START DATA RECORDS

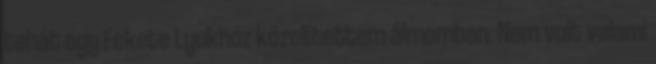
tehát egy Fekete Lyukhoz közelítettem álmomban. Nem volt valami
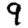
Digit: 9
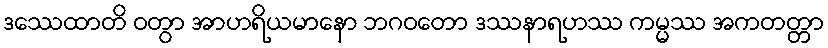
ဒဿေထာတိ ဝတွာ အာဟရိယမာနော ဘဂဝတော ဒဿနာရဟဿ ကမ္မဿ အကတတ္တာ
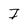
Character: I
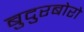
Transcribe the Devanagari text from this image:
बुदुरबोरो
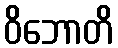
ဝိဘောတိ
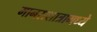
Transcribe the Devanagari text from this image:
मानसशात्रामध्ये
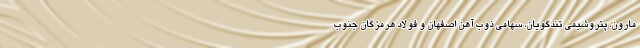
مارون، پتروشیمی تندگویان، سهامی ذوب آهن اصفهان و فولاد هرمزگان جنوب
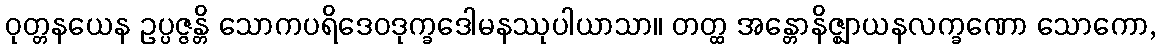
ဝုတ္တနယေန ဥပ္ပဇ္ဇန္တိ သောကပရိဒေဝဒုက္ခဒေါမနဿုပါယာသာ။ တတ္ထ အန္တောနိဇ္ဈာယနလက္ခဏော သောကော,
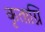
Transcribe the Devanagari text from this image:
कृताग्नि
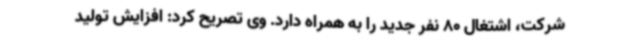
شرکت، اشتغال 80 نفر جدید را به همراه دارد. وی تصریح کرد: افزایش تولید
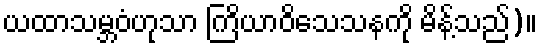
ယထာသမ္ဘဝံဟုသာ ကြိယာဝိသေသနကို မိန့်သည်)။
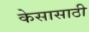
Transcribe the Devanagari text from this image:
केसासाठी
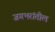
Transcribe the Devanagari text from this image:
जगभरांतील
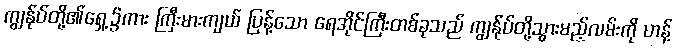
ကျွန်ုပ်တို့၏ရှေ့၌ကား ကြီးမားကျယ် ပြန့်သော ရေအိုင်ကြီးတစ်ခုသည် ကျွန်ုပ်တို့သွားမည့်လမ်းကို ဟန့်
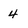
Character: 4
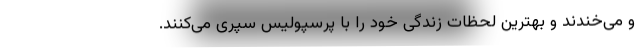
و می‌خندند و بهترین لحظات زندگی خود را با پرسپولیس سپری می‌کنند.
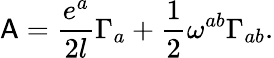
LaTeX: {\sf A}=\frac{e^{a}}{2l}\Gamma_{a}+\frac{1}{2}\omega^{ab}\Gamma_{ab}.
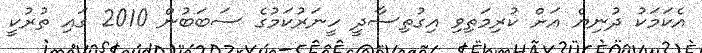
އެކަމަކު ދުނިޔެ އަށް ކުރިމަތިވި އިގުތިސާދީ ހީނަރުކަމުގެ ސަބަބުން 2010 ގައި ތުރުކީ
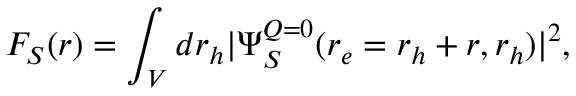
F _ { S } ( \boldsymbol { r } ) = \int _ { V } d \boldsymbol { r } _ { h } | \Psi _ { S } ^ { \boldsymbol { Q } = 0 } ( \boldsymbol { r } _ { e } = \boldsymbol { r } _ { h } + \boldsymbol { r } , \boldsymbol { r } _ { h } ) | ^ { 2 } ,
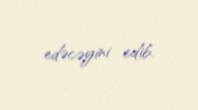
edəcəyini edib.
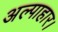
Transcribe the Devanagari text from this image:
अल्पाहार।
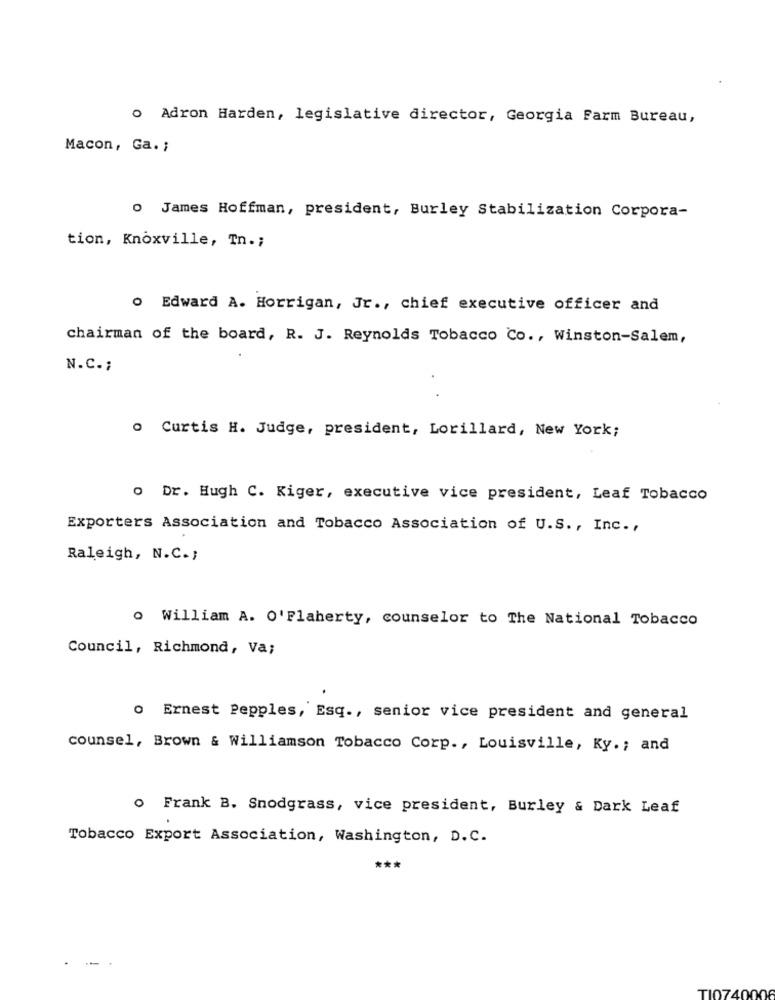
o Adron Harden, legislative director, Georgia Farm Bureau,
Macon, Ga. ;
O James Hoffman, president, Burley Stabilization Corpora-
tion, Knoxville, Tn .;
o Edward A. Horrigan, Jr ., chief executive officer and
chairman of the board, R. J. Reynolds Tobacco Co ., Winston-Salem,
N.C .;
o Curtis H. Judge, president, Lorillard, New York;
o Dr. Hugh C. Kiger, executive vice president, Leaf Tobacco
Exporters Association and Tobacco Association of U.S ., Inc .,
Raleigh, N.C .;
o William A. O'Flaherty, counselor to The National Tobacco
Council, Richmond, Va;
o Ernest Pepples, Esq ., senior vice president and general
counsel, Brown & Williamson Tobacco Corp ., Louisville, Ky .; and
o Frank B. Snodgrass, vice president, Burley & Dark Leaf
Tobacco Export Association, Washington, D.C.
***
TI0740
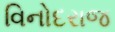
વિનોદરાજ
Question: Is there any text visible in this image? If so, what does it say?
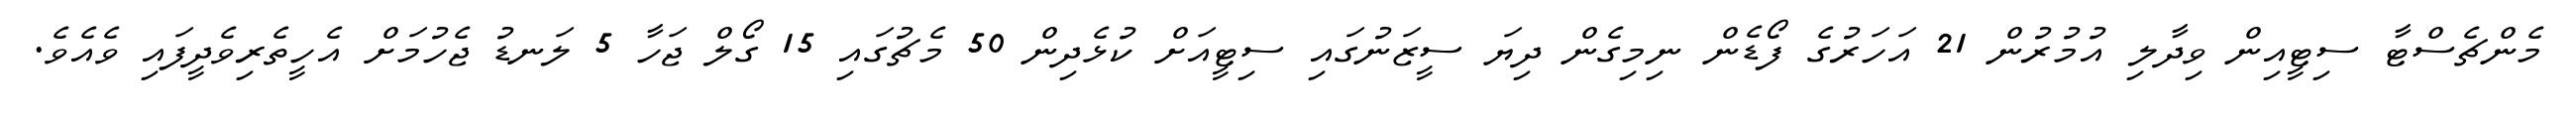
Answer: މެންޗެސްޓާ ސިޓީއިން ވިދާލި އުމުރުން 21 އަހަރުގެ ފޯޑެން ނިމިގެން ދިޔަ ސީޒަނުގައި ސިޓީއަށް ކުޅެދިން 50 މެޗުގައި 15 ގޯލް ޖަހާ 5 ލަނޑު ޖެހުމަށް އެހީތެރިވެދީފައި ވެއެވެ.
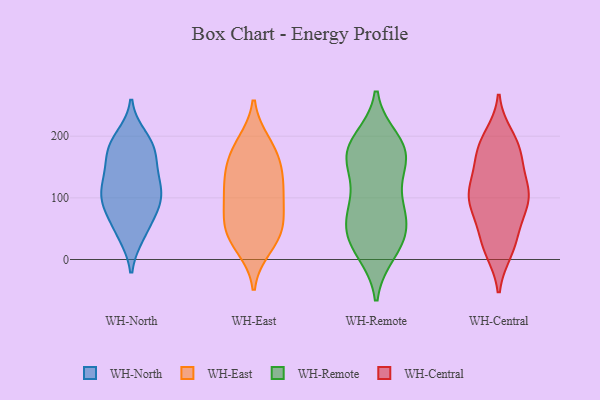
{"axis": {"x": "Churn Rate (%)", "y": "Value"}, "legend": ["WH-Central", "WH-East", "WH-North", "WH-Remote"], "data": [{"x": "", "y": 94, "type": "WH-North"}, {"x": "", "y": 131, "type": "WH-North"}, {"x": "", "y": 188, "type": "WH-North"}, {"x": "", "y": 147, "type": "WH-North"}, {"x": "", "y": 130, "type": "WH-North"}, {"x": "", "y": 123, "type": "WH-North"}, {"x": "", "y": 60, "type": "WH-North"}, {"x": "", "y": 198, "type": "WH-North"}, {"x": "", "y": 179, "type": "WH-North"}, {"x": "", "y": 176, "type": "WH-North"}, {"x": "", "y": 178, "type": "WH-North"}, {"x": "", "y": 40, "type": "WH-North"}, {"x": "", "y": 97, "type": "WH-North"}, {"x": "", "y": 41, "type": "WH-North"}, {"x": "", "y": 98, "type": "WH-North"}, {"x": "", "y": 84, "type": "WH-North"}, {"x": "", "y": 97, "type": "WH-North"}, {"x": "", "y": 92, "type": "WH-East"}, {"x": "", "y": 172, "type": "WH-East"}, {"x": "", "y": 35, "type": "WH-East"}, {"x": "", "y": 49, "type": "WH-East"}, {"x": "", "y": 89, "type": "WH-East"}, {"x": "", "y": 188, "type": "WH-East"}, {"x": "", "y": 44, "type": "WH-East"}, {"x": "", "y": 178, "type": "WH-East"}, {"x": "", "y": 21, "type": "WH-East"}, {"x": "", "y": 129, "type": "WH-East"}, {"x": "", "y": 59, "type": "WH-East"}, {"x": "", "y": 108, "type": "WH-East"}, {"x": "", "y": 132, "type": "WH-East"}, {"x": "", "y": 145, "type": "WH-East"}, {"x": "", "y": 35, "type": "WH-Remote"}, {"x": "", "y": 182, "type": "WH-Remote"}, {"x": "", "y": 42, "type": "WH-Remote"}, {"x": "", "y": 169, "type": "WH-Remote"}, {"x": "", "y": 184, "type": "WH-Remote"}, {"x": "", "y": 83, "type": "WH-Remote"}, {"x": "", "y": 101, "type": "WH-Remote"}, {"x": "", "y": 18, "type": "WH-Remote"}, {"x": "", "y": 193, "type": "WH-Remote"}, {"x": "", "y": 158, "type": "WH-Remote"}, {"x": "", "y": 43, "type": "WH-Remote"}, {"x": "", "y": 75, "type": "WH-Remote"}, {"x": "", "y": 76, "type": "WH-Remote"}, {"x": "", "y": 13, "type": "WH-Remote"}, {"x": "", "y": 154, "type": "WH-Remote"}, {"x": "", "y": 165, "type": "WH-Remote"}, {"x": "", "y": 113, "type": "WH-Central"}, {"x": "", "y": 183, "type": "WH-Central"}, {"x": "", "y": 158, "type": "WH-Central"}, {"x": "", "y": 88, "type": "WH-Central"}, {"x": "", "y": 122, "type": "WH-Central"}, {"x": "", "y": 105, "type": "WH-Central"}, {"x": "", "y": 199, "type": "WH-Central"}, {"x": "", "y": 22, "type": "WH-Central"}, {"x": "", "y": 171, "type": "WH-Central"}, {"x": "", "y": 20, "type": "WH-Central"}, {"x": "", "y": 99, "type": "WH-Central"}, {"x": "", "y": 177, "type": "WH-Central"}, {"x": "", "y": 134, "type": "WH-Central"}, {"x": "", "y": 56, "type": "WH-Central"}, {"x": "", "y": 96, "type": "WH-Central"}, {"x": "", "y": 15, "type": "WH-Central"}, {"x": "", "y": 87, "type": "WH-Central"}, {"x": "", "y": 189, "type": "WH-Central"}, {"x": "", "y": 97, "type": "WH-Central"}, {"x": "", "y": 37, "type": "WH-Central"}]}
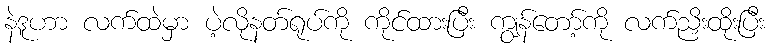
နဲဒူဟာ လက်ထဲမှာ ပဲ့လိုနတ်ရုပ်ကို ကိုင်ထားပြီး ကျွန်တော့်ကို လက်ညှိးထိုးပြီး
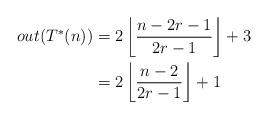
LaTeX: \begin{align*} out(T^*(n))&=2\left \lfloor \frac{n-2r-1}{2r-1}\right\rfloor+3\\ &=2\left \lfloor \frac{n-2}{2r-1}\right\rfloor+1 \end{align*}
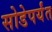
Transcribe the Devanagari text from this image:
सोडेपर्यंत
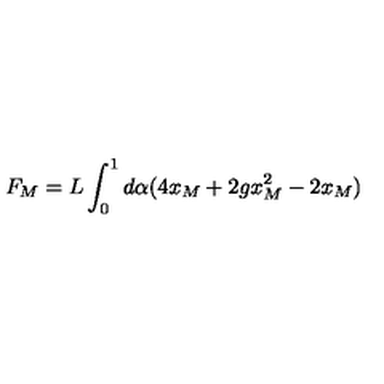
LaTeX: F _ { M } = L \int _ { 0 } ^ { 1 } d \alpha ( 4 x _ { M } + 2 g x _ { M } ^ { 2 } - 2 x _ { M } )
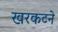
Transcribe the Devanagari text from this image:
खरकटने
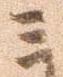
三
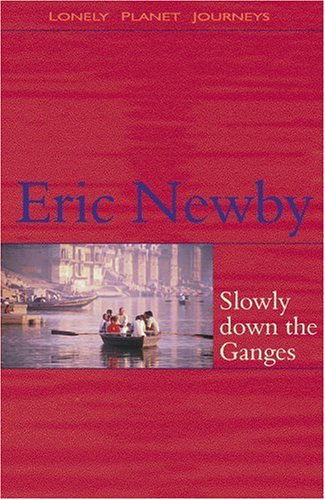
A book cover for Slowly Down the Ganges; Eric Newby; Travel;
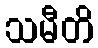
သမီတိ
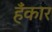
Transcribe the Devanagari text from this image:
हँकार
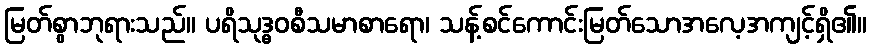
မြတ်စွာဘုရားသည်။ ပရိသုဒ္ဓဝစီသမာစာရော၊ သန့်စင်ကောင်းမြတ်သောအလေ့အကျင့်ရှိ၏။
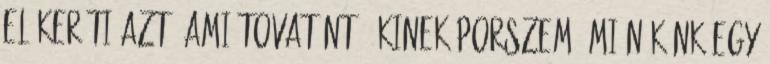
előkeríti azt, ami tovatűnt." Kinek porszem, mi nékünk egy
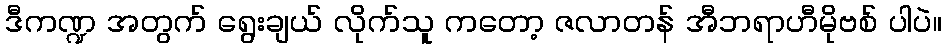
ဒီကဏ္ဍ အတွက် ရွေးချယ် လိုက်သူ ကတော့ ဇလာတန် အီဘရာဟီမိုဗစ် ပါပဲ။
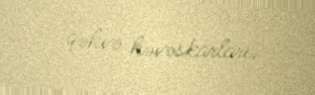
qəhvə həvəskarları.

END DATA RECORDS

**TASK INSTRUCTIONS**
Look above for the line containing "o Ernest Pepples, Esq", then copy exactly from it through the line containing "Question: Is there", keeping both and leaving out pictures. Add nothing else.

**PROBLEM SOLUTION**
o Ernest Pepples, Esq ., senior vice president and general
counsel, Brown & Williamson Tobacco Corp ., Louisville, Ky .; and
o Frank B. Snodgrass, vice president, Burley & Dark Leaf
Tobacco Export Association, Washington, D.C.
***
TI0740
વિનોદરાજ
Question: Is there any text visible in this image? If so, what does it say?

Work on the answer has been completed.